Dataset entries
· · · · · · ·
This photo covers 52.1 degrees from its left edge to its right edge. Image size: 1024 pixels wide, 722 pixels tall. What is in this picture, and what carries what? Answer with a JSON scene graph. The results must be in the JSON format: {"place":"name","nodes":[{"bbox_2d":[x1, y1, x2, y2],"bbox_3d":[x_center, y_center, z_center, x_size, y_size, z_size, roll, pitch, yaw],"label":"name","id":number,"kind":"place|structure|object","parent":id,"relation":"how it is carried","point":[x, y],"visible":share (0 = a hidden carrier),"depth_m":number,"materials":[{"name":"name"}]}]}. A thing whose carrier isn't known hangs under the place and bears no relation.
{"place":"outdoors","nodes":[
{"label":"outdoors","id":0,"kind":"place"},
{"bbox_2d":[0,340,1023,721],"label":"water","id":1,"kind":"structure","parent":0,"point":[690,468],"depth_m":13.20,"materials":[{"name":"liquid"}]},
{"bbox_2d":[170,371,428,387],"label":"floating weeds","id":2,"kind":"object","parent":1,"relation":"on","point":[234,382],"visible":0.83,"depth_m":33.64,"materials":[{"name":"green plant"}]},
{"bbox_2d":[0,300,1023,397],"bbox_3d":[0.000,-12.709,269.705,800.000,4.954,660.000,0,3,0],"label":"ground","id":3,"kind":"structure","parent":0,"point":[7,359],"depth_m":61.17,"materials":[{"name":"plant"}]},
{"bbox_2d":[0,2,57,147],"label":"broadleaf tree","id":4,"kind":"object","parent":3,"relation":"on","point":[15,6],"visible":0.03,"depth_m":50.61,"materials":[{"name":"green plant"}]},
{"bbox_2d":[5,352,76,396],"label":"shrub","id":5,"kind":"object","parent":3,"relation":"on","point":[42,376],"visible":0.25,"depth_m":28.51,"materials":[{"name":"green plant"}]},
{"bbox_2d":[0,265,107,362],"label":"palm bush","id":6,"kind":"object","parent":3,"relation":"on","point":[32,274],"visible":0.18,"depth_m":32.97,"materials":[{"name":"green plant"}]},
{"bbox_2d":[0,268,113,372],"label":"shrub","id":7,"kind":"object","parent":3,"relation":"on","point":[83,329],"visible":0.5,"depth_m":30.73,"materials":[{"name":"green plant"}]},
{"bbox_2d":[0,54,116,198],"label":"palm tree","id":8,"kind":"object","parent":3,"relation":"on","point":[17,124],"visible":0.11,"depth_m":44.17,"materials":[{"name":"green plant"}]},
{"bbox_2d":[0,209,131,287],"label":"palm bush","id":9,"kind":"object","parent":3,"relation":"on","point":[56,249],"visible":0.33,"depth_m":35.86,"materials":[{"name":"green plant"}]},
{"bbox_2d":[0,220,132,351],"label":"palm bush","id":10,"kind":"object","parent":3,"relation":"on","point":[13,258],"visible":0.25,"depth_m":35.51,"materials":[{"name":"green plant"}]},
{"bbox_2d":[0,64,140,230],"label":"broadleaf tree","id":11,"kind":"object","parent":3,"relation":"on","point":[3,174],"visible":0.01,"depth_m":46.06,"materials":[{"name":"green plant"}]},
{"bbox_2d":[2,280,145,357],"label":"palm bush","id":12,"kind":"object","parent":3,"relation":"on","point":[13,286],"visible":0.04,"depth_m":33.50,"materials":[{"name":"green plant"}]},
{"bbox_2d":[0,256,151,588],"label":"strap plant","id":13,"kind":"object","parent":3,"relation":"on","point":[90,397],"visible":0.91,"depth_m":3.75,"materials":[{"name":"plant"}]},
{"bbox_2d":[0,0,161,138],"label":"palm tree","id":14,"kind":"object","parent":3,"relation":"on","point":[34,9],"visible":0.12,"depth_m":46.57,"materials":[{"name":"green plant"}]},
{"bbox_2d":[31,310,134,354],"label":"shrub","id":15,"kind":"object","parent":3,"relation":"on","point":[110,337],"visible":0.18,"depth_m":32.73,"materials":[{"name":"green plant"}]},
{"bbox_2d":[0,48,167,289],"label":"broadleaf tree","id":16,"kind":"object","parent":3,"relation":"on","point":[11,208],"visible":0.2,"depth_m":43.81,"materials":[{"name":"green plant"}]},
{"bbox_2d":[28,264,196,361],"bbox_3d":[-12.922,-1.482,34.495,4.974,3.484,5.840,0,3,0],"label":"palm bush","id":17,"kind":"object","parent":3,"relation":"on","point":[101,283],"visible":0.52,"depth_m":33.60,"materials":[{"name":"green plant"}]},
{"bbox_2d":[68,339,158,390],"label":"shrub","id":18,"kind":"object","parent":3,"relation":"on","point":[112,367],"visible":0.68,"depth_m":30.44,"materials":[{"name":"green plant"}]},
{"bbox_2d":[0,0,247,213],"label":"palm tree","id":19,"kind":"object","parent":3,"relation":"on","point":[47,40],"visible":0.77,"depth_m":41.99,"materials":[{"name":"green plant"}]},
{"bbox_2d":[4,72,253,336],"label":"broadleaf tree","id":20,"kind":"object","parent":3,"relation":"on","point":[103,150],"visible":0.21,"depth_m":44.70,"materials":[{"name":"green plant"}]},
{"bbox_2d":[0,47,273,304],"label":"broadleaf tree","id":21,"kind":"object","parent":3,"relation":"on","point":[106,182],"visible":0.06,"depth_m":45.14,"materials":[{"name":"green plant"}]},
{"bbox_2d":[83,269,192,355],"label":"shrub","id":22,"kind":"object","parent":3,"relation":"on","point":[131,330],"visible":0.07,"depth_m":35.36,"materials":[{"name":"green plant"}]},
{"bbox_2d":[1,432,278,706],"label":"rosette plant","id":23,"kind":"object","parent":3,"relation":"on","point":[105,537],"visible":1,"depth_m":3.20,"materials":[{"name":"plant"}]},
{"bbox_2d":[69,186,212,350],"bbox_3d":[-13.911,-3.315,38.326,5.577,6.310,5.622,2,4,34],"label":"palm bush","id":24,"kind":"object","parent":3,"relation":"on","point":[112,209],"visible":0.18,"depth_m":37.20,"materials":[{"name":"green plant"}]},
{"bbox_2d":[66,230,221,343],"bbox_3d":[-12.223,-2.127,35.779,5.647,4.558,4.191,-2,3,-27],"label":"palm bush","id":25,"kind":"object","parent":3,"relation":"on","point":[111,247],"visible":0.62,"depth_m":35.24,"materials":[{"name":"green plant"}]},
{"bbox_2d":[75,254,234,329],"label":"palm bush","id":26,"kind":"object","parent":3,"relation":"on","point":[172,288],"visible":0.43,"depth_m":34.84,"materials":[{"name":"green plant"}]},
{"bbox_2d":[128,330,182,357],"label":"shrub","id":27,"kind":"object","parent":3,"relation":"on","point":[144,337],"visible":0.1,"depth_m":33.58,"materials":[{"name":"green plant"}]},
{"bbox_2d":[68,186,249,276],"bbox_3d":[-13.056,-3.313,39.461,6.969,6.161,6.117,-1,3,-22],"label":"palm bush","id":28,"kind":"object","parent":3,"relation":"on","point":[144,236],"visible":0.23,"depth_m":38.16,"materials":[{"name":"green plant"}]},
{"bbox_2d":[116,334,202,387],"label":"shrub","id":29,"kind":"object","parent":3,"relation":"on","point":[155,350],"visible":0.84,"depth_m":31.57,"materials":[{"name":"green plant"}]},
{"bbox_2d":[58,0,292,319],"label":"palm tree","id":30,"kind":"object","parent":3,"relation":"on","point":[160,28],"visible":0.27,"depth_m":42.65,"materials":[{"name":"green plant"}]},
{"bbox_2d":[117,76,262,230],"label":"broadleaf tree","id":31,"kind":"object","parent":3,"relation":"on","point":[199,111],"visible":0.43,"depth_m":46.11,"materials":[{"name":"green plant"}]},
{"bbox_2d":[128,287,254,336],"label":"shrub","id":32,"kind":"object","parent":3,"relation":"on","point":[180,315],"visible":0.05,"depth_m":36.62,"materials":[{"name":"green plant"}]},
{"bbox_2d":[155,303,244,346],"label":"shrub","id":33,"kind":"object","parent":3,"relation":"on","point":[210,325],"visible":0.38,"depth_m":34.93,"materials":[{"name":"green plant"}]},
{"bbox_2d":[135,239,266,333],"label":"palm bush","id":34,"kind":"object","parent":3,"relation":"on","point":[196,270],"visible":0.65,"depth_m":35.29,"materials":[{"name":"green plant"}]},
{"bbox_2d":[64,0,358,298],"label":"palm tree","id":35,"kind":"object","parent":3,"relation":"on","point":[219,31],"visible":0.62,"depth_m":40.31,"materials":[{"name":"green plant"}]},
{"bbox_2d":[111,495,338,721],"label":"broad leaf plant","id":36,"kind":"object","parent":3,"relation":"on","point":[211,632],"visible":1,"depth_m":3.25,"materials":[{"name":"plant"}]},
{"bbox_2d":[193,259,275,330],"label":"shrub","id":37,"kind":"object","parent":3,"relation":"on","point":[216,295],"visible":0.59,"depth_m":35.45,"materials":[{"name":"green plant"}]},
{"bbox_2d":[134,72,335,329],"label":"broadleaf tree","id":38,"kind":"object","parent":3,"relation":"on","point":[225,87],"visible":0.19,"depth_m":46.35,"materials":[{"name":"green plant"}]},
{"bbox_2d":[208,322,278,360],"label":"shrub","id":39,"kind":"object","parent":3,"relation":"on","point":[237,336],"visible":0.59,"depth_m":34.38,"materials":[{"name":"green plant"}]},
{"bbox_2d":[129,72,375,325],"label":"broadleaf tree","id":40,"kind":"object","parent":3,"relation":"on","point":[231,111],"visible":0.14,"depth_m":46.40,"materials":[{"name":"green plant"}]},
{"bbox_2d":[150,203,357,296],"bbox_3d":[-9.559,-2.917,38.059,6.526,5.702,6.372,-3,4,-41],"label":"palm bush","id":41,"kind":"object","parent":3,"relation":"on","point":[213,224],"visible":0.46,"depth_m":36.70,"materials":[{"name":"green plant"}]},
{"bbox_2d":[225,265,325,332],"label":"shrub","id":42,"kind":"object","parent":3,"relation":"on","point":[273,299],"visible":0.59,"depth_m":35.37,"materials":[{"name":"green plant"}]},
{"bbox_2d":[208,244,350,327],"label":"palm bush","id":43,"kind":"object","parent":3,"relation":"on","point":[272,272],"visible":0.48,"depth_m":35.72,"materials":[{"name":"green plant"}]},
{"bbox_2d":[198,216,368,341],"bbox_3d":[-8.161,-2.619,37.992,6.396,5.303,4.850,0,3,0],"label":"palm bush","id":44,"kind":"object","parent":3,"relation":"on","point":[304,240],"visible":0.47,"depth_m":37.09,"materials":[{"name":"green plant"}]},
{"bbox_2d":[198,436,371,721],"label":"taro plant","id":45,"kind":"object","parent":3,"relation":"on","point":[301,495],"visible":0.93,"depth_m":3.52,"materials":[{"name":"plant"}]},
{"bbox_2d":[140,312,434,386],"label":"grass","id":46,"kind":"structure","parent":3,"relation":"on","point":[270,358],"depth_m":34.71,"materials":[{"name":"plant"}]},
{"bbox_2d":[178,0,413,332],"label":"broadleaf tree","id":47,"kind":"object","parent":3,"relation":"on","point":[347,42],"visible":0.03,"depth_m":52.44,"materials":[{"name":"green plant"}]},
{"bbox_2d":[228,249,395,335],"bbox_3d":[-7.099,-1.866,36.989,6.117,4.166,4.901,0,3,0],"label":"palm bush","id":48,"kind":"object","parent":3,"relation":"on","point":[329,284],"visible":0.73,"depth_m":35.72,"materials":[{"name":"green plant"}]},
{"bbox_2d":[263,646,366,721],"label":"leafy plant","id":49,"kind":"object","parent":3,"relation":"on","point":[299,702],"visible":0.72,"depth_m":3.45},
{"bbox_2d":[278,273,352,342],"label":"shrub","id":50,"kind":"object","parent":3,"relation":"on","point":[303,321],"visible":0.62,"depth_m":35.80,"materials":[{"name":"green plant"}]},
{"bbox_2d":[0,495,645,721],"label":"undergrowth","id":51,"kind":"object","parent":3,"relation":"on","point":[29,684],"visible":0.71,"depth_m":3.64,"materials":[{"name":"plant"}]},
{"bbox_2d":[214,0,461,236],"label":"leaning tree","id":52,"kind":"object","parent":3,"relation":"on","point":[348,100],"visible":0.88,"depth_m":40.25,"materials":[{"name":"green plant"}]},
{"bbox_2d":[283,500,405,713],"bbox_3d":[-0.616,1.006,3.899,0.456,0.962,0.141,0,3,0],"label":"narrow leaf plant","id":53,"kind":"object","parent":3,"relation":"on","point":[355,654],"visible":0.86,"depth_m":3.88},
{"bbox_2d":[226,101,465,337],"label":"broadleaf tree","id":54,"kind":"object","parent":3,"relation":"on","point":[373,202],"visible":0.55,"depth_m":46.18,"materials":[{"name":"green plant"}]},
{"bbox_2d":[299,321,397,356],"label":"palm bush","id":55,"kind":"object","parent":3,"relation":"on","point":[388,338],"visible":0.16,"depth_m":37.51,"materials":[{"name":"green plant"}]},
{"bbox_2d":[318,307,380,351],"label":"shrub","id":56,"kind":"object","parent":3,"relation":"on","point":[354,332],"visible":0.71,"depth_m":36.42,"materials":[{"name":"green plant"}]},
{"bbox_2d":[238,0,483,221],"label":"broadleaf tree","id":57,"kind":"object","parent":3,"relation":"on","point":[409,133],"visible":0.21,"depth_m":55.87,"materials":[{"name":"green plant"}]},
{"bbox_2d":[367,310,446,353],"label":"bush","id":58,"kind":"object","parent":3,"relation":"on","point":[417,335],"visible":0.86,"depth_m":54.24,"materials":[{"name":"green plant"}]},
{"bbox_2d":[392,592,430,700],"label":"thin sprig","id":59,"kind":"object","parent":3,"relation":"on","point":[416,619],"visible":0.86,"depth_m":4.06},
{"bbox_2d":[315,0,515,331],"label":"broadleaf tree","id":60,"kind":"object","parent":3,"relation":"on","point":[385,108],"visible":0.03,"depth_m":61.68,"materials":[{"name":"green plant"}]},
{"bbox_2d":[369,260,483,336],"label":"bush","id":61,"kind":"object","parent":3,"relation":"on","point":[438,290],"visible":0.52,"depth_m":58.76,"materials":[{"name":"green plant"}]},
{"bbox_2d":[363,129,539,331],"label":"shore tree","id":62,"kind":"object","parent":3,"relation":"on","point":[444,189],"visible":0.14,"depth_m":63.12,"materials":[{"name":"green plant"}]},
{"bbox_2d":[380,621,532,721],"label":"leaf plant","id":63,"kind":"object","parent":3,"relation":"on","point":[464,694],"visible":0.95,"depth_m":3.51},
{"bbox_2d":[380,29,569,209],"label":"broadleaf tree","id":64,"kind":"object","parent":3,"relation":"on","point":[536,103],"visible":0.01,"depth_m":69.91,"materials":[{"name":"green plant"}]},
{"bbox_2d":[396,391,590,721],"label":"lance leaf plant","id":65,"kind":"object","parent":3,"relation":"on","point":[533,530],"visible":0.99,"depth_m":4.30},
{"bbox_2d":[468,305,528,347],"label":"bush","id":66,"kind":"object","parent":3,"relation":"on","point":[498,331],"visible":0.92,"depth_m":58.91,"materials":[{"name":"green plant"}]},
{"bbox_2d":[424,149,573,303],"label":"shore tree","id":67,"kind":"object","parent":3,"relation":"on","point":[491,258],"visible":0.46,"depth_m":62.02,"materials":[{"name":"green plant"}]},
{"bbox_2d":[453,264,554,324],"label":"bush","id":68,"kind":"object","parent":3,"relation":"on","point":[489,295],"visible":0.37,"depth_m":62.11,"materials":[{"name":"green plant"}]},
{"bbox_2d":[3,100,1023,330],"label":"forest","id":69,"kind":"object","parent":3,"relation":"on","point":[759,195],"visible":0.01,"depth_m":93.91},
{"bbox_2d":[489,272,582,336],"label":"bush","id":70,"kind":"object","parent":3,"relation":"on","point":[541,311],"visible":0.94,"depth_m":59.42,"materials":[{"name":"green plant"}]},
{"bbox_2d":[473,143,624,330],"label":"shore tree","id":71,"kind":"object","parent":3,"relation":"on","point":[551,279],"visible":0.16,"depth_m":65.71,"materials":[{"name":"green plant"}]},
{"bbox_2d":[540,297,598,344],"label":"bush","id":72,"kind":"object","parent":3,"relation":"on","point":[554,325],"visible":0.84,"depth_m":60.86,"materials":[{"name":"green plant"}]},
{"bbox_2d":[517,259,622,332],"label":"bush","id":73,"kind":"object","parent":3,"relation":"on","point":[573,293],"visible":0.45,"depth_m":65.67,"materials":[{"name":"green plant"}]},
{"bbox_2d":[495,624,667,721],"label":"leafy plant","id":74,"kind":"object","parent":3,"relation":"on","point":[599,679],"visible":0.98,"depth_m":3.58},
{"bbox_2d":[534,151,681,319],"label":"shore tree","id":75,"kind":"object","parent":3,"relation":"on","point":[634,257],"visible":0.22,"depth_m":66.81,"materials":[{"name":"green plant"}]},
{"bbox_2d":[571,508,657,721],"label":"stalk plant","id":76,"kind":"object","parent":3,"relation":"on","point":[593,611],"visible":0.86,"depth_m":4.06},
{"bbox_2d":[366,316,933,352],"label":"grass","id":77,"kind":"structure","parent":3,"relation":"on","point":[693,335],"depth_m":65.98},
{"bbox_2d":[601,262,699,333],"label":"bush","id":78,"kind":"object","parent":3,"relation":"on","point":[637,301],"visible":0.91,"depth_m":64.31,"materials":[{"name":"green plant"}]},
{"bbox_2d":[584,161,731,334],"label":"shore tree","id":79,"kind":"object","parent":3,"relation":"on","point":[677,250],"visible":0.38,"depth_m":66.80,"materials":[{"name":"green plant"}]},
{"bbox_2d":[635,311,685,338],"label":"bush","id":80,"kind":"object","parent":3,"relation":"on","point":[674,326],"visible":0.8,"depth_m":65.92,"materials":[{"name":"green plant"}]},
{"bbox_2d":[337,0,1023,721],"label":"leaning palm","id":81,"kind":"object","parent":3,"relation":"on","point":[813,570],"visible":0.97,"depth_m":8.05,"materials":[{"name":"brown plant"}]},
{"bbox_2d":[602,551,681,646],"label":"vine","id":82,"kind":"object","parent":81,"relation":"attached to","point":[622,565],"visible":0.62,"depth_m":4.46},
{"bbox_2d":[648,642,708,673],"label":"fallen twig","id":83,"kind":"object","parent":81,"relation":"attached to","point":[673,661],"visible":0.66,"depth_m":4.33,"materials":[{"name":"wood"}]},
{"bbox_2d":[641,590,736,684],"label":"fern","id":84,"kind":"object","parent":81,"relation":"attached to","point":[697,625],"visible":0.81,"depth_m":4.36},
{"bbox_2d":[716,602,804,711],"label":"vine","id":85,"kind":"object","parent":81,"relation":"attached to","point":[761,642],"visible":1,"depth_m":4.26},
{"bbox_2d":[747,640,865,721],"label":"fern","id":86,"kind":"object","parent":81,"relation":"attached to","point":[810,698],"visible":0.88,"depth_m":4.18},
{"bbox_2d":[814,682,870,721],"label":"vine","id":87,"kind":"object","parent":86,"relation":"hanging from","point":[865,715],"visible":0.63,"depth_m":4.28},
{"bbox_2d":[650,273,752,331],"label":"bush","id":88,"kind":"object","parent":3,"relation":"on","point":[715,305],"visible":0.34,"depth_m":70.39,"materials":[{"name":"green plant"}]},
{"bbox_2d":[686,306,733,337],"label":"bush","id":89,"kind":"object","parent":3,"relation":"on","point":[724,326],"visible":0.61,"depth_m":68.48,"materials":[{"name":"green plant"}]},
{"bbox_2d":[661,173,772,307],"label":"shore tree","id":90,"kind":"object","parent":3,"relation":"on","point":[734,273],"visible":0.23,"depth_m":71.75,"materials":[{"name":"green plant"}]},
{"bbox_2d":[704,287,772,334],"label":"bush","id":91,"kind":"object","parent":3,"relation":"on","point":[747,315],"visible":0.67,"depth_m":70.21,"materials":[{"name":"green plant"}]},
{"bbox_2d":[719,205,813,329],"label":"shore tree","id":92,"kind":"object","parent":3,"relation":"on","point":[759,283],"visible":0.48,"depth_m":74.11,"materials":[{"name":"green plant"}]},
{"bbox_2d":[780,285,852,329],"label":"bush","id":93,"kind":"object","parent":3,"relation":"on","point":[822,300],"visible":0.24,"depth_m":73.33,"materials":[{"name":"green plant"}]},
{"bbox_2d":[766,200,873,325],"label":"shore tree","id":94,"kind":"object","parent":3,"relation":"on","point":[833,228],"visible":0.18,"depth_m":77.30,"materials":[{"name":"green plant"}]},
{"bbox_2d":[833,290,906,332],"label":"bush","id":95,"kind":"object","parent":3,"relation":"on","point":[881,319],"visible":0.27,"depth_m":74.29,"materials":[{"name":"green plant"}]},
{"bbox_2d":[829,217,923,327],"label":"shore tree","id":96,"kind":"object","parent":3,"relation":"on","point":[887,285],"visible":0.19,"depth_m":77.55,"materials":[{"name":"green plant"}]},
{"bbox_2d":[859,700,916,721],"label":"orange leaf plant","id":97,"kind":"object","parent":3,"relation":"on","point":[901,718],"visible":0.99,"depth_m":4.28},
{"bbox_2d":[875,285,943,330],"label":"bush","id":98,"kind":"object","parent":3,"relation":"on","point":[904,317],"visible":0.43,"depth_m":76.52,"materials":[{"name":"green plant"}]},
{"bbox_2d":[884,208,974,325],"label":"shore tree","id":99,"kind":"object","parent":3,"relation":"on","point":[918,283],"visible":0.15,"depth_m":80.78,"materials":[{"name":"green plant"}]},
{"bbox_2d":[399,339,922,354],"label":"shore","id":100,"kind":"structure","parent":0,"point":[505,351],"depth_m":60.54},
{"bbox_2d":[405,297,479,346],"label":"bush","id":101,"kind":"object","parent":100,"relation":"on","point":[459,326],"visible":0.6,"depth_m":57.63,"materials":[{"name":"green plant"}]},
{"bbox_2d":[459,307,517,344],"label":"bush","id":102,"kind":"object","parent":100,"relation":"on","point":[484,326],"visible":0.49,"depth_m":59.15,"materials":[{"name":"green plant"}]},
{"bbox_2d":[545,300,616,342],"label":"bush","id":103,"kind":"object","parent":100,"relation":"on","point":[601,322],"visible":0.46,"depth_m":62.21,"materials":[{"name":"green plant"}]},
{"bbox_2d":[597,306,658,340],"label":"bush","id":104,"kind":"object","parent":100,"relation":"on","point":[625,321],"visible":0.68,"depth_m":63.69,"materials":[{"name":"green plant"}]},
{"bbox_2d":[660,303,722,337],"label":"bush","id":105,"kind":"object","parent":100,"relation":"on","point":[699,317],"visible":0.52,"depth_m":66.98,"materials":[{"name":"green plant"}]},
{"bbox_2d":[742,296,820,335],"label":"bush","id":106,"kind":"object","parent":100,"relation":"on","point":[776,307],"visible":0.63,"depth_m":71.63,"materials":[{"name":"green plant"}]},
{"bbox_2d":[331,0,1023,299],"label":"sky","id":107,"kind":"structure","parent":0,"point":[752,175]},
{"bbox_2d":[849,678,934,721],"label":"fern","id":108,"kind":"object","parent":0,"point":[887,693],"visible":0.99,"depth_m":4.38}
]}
· · · · · · ·
| EXERCISE DIRECTIONS |
If a line of the entries contains "vine", it counts; say how many such lines there are and give only the number.

| EXPECTED ANSWER |
3